Добавить цитату

Когда я открываю очередную книгу или собираюсь прочесть отдельное новое стихотворение Чевеги, я всегда предвкушаю счастье, и это предвкушение сбывается, причём всегда – неожиданным каким-то образом. Это род наркотического привыкания, и лично я подсел с первой дозы, думаю, как и многие. Я привык разнимать стихи на составляющие (каждый композитор – лингвист в каком-то смысле), и поэтика Михаила Чевеги, вроде бы легко поддаётся анализу – но суммарное действие образующих её элементов так сильно, что становится ясно: самый главный ингредиент никакому анализу не поддаётся. Попытка как-то его обозначить немедленно требует каких-то громких слов, которых я обычно стесняюсь, по крайней мере, до третьего тоста, но я попробую и на трезвую голову: любовь, радость, сочувствие жизни, снова любовь. Но штука в том, что любовь-то у всех, а такие стихи только у Чевеги – такой точности, такого гемоглобина зашкаливающего, такой мужской нежности я больше ни у каких других поэтов не встречал. Именно поэтому я очень часто в разговоре с приятным мне собеседником вдруг ору: «Чевега! вы не читали! сейчас!» – и тут же лезу в телефон, и декламирую.
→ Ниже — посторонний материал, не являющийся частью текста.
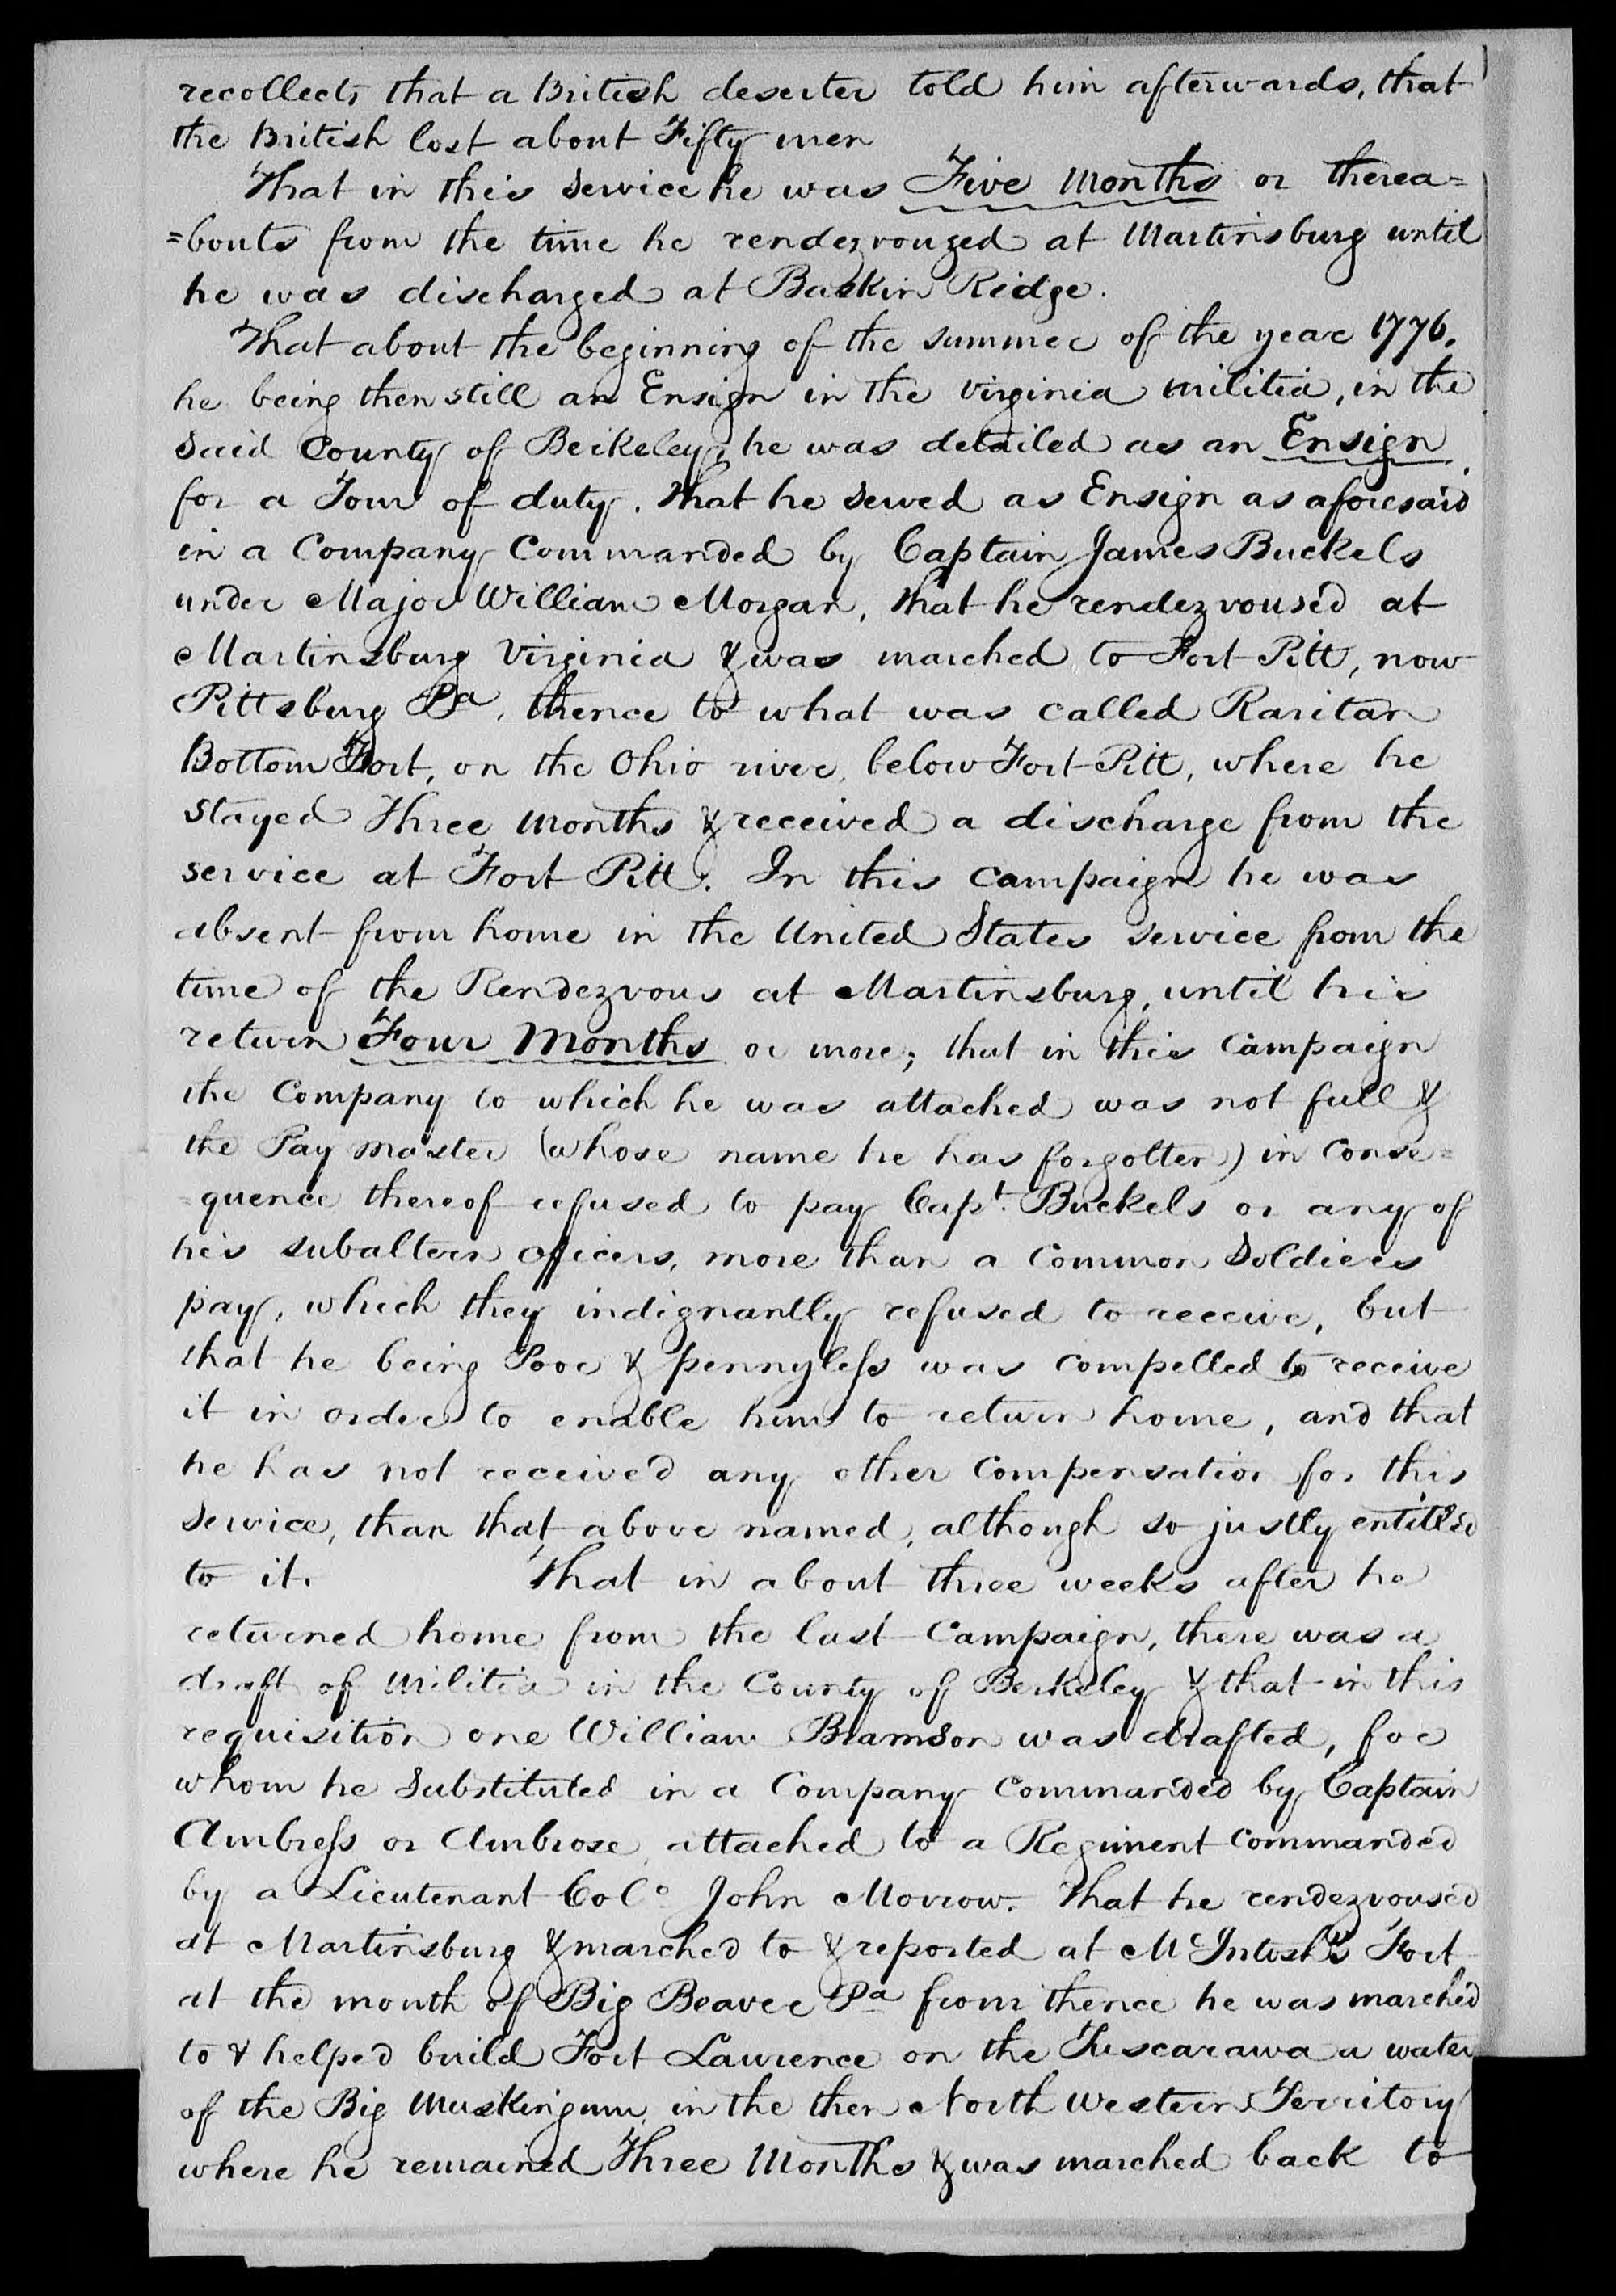recollects that a British deserter told him afterwards, that the British lost about Fifty men
That in this service he was Five Months or thereabouts from the time he rendezvouzed at Martinsburg until he was discharged at Baskin Ridge.
That about the beginning of the summer of the year 1776, he being then still an Ensign in the Virginia Militia, in the Said County of Berkeley, he was detailed as an Ensign for a Tour of duty.  That he served as Ensign as aforesaid in a Company Commanded by Captain James Buckels under Major William Morgan, that he rendezvoused at Martinsburg Virginia & was marched to Fort Pitt, now Pittsburg Pa, thence to what was called Raritan Bottom Fort, on the Ohio river, below Fort Pitt, where he stayed Three Months & received a discharge from the service at Fort Pitt.  In this campaign he was absent from home in the United States service from the time of the Rendezvous at Martinsburg, until his return Four Months or more; that in this Campaign the Company to which he was attached was not full & the Pay Master (whose name he has forgotten) in consequence thereof refused to pay Capt Buckels or any of his subaltern officers, more than a Common Soldiers pay, which they indignantly refused to receive, but that he being Poor & pennyless was compelled to receive it in order to enable him to return home, and that he has not received any other compensation for this service, than that above named, although so justly entitled to it.  That in about three weeks after he returned home from the last Campaign, there was a draft of Militia in the County of Berkeley & that in this requisition one William Bramson was drafted, for whom he substituted in a Company Commanded by Captain Ambress or Ambrose, attached to a Regiment commanded by a Lieutenant Colonel John Morrow.  That he rendezvoused at Martinsburg & marched to & reported at McIntosh Fort at the month of Big Beaver Pa from thence he was marched to & helped build Fort Lawrence on the Tuscarawa a water of the Big Muskingum in the then North Western Territory where he remained Three Months & was marched back to

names: William Morgan; [BLANK] Ambrose; [BLANK] Ambress; William Bramson; James Buckels; John Morrow
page: 9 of 69
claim: widow's
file: W 8044, for Jacob Lewis, Virginia

Книга «Жизнь замечательных», мне кажется, должна была бы всё время подрагивать и даже лопаться, не удерживаемая оковами обложки, если бы живая сила стихотворений выражалась на бумаге как-то физически, непосредственно; это книга для долгого чтения – в том смысле, что с каждым стихотворением, по прочтении, лично мне нужно как-то пожить, не знаю, выйти в темень немотивированно и без шапки, выпить рюмку, взять семью на ручки. Чего и вам желаю, дорогие читатели.